— Work instruction —
Pictures stay out; everything else in the records below gets copied exactly.

— Supplied information —
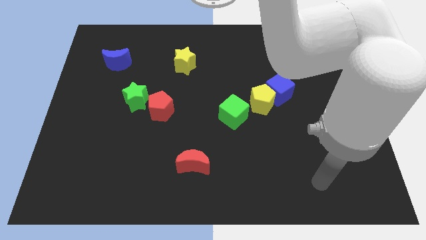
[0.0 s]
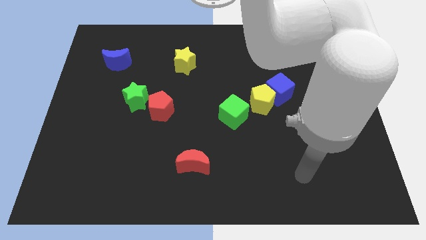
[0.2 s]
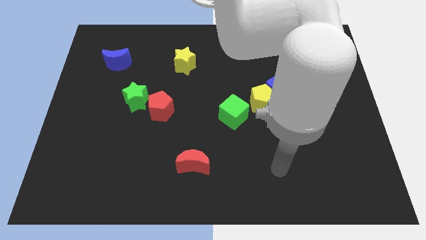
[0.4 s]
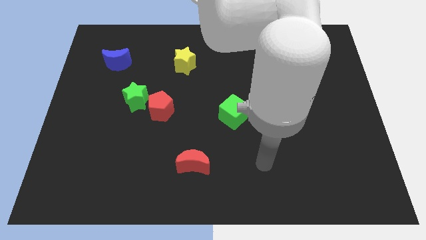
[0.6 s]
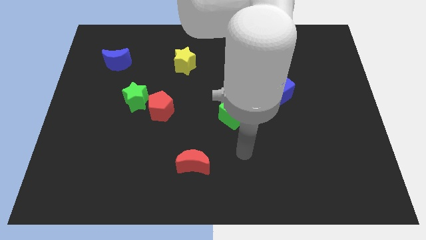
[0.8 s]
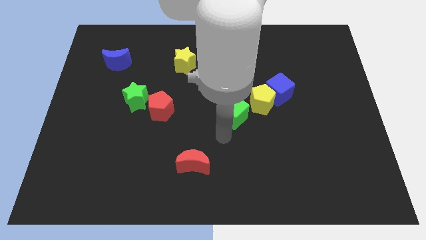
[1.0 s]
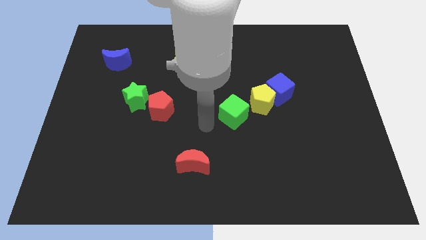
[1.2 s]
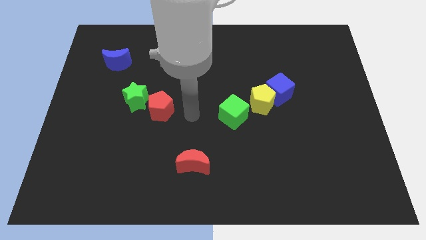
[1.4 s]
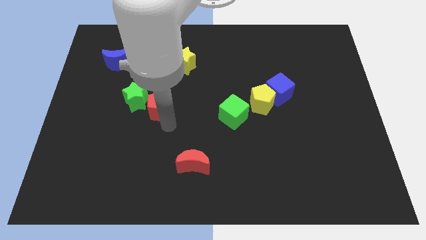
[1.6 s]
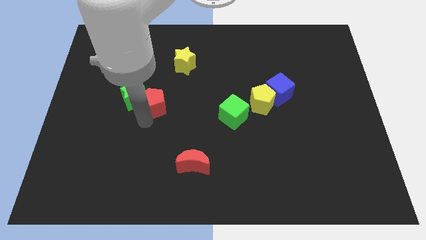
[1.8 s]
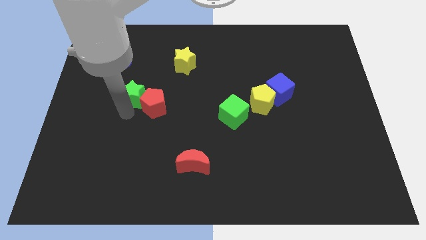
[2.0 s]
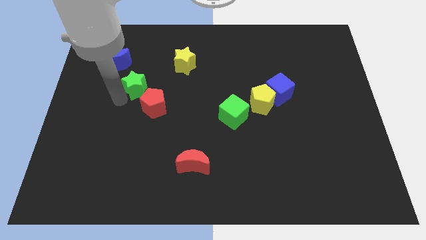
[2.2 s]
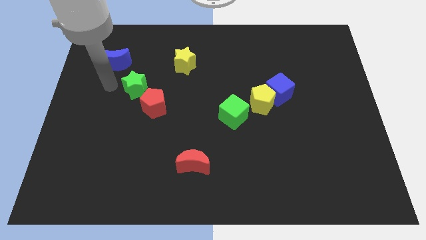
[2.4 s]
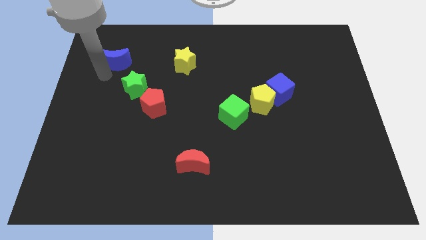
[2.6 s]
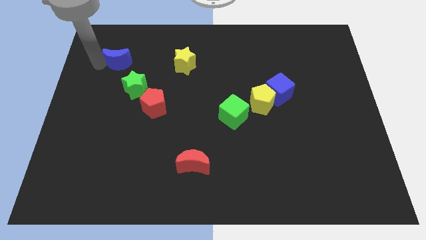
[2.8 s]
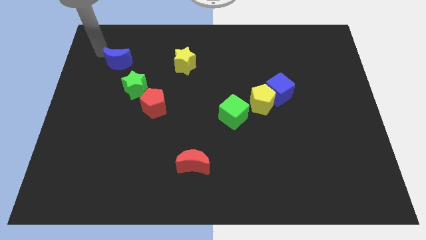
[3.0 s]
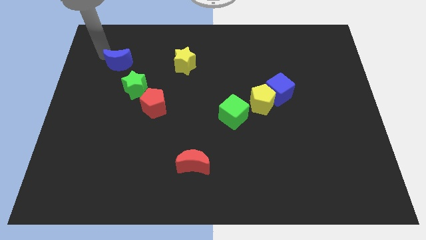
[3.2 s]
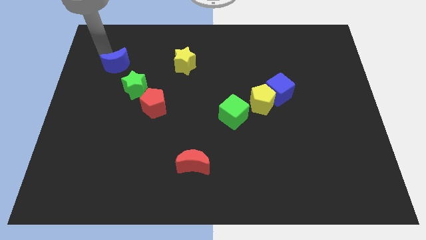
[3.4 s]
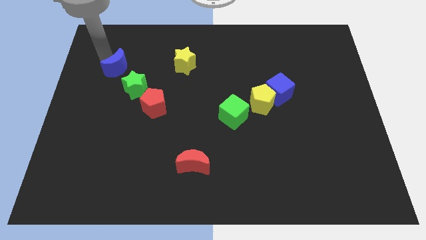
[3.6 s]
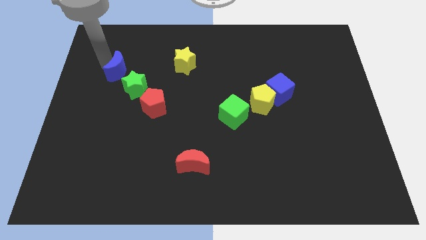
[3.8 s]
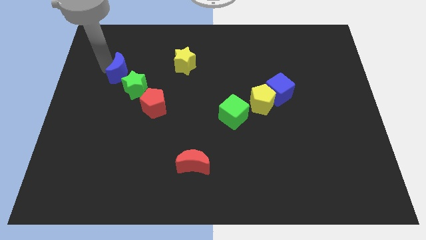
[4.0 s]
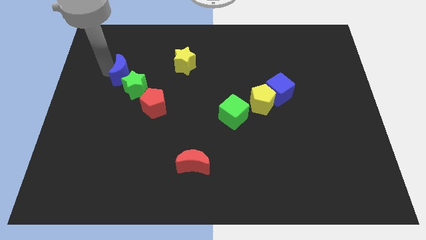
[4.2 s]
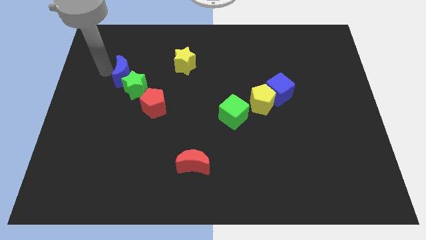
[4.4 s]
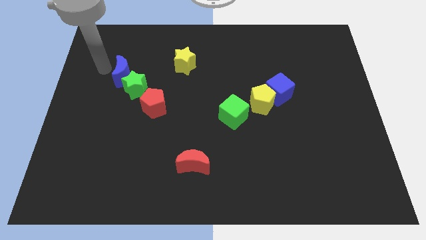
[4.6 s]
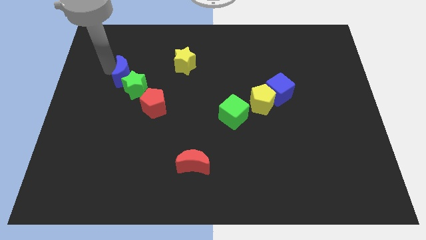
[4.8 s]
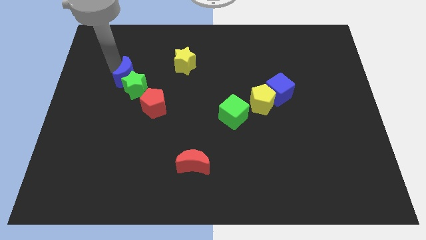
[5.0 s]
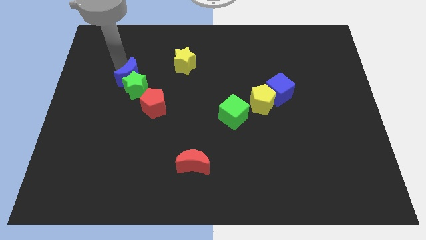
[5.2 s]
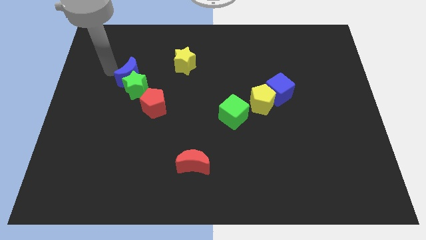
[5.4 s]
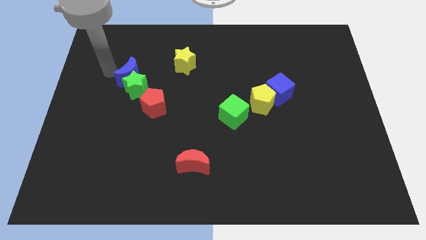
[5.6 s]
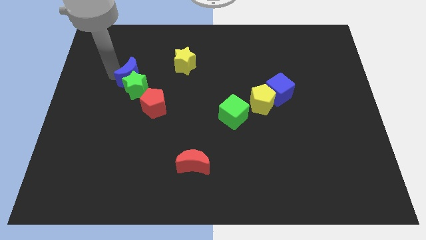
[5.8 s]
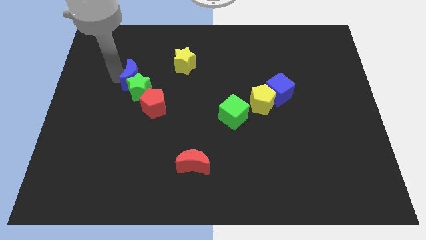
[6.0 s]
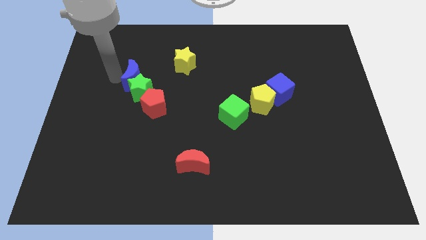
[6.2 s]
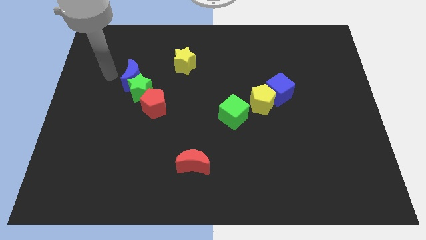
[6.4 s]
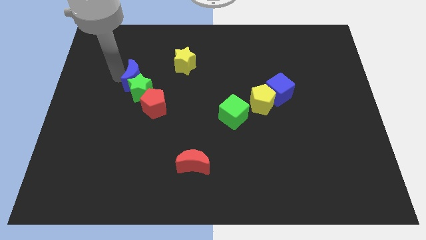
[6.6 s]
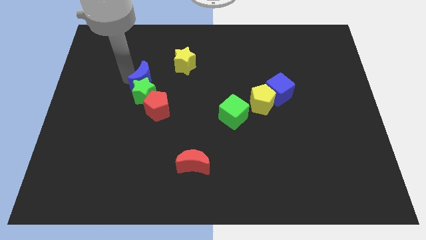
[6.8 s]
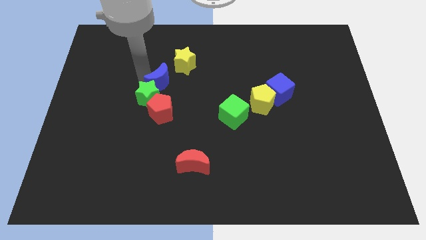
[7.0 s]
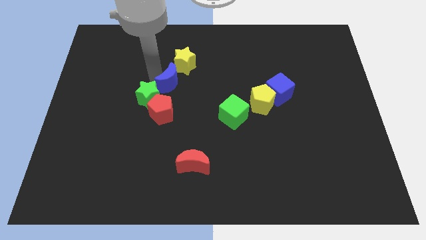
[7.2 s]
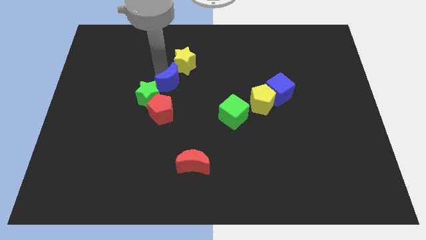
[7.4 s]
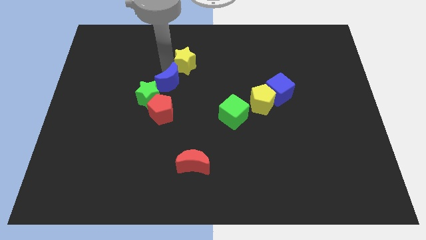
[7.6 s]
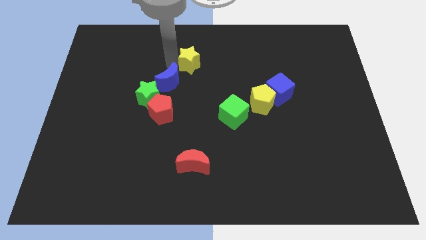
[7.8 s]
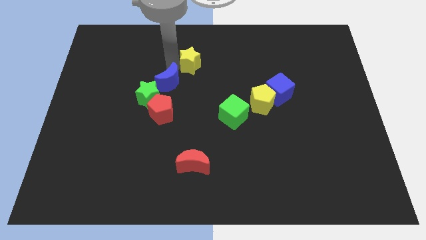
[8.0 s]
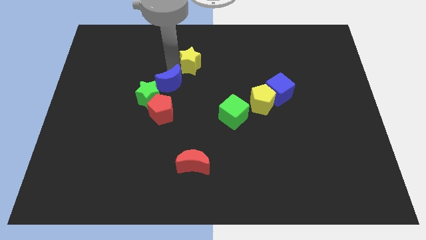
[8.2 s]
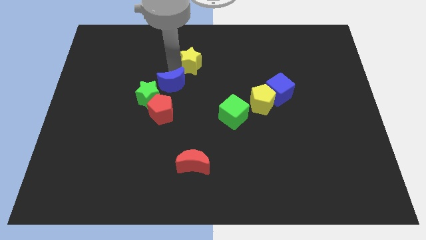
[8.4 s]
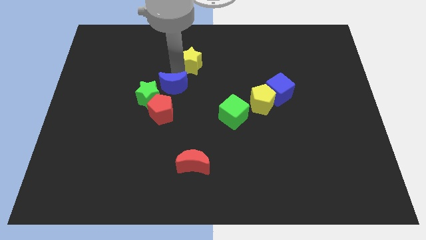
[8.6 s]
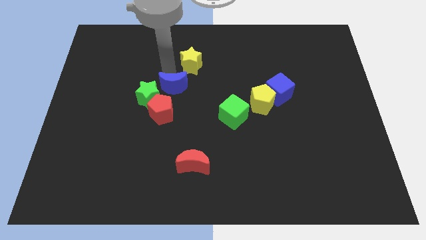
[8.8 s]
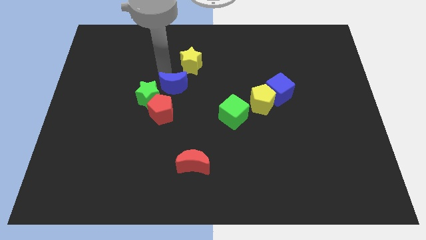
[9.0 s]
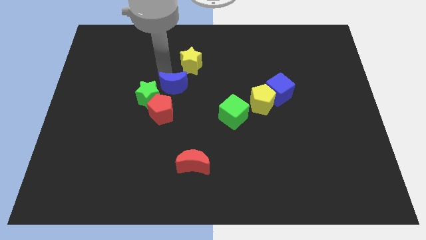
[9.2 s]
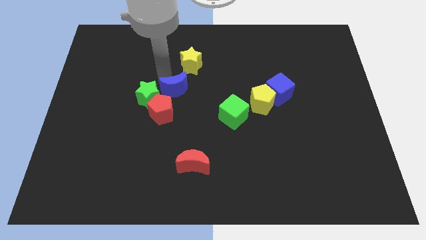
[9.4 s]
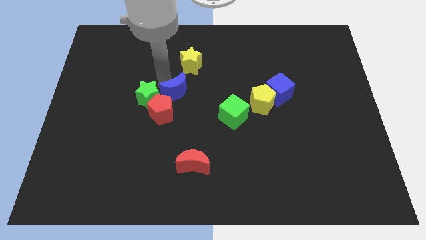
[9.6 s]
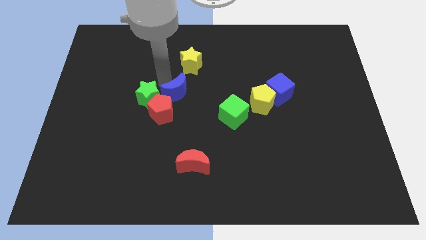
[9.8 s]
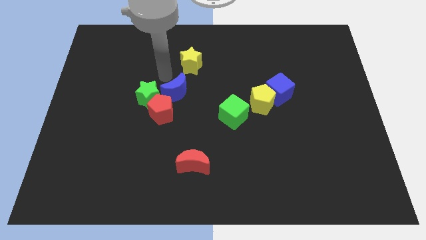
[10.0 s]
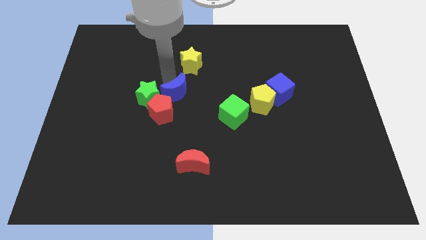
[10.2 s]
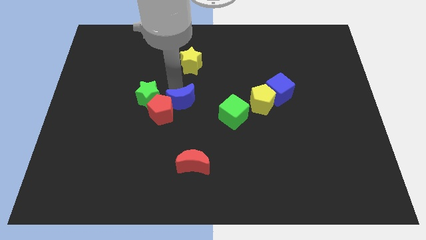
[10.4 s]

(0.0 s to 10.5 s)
move the blue moon down and to the right diagonally

— Solution —
[0.0 s]
[0.2 s]
[0.4 s]
[0.6 s]
[0.8 s]
[1.0 s]
[1.2 s]
[1.4 s]
[1.6 s]
[1.8 s]
[2.0 s]
[2.2 s]
[2.4 s]
[2.6 s]
[2.8 s]
[3.0 s]
[3.2 s]
[3.4 s]
[3.6 s]
[3.8 s]
[4.0 s]
[4.2 s]
[4.4 s]
[4.6 s]
[4.8 s]
[5.0 s]
[5.2 s]
[5.4 s]
[5.6 s]
[5.8 s]
[6.0 s]
[6.2 s]
[6.4 s]
[6.6 s]
[6.8 s]
[7.0 s]
[7.2 s]
[7.4 s]
[7.6 s]
[7.8 s]
[8.0 s]
[8.2 s]
[8.4 s]
[8.6 s]
[8.8 s]
[9.0 s]
[9.2 s]
[9.4 s]
[9.6 s]
[9.8 s]
[10.0 s]
[10.2 s]
[10.4 s]

(0.0 s to 10.5 s)
move the blue moon down and to the right diagonally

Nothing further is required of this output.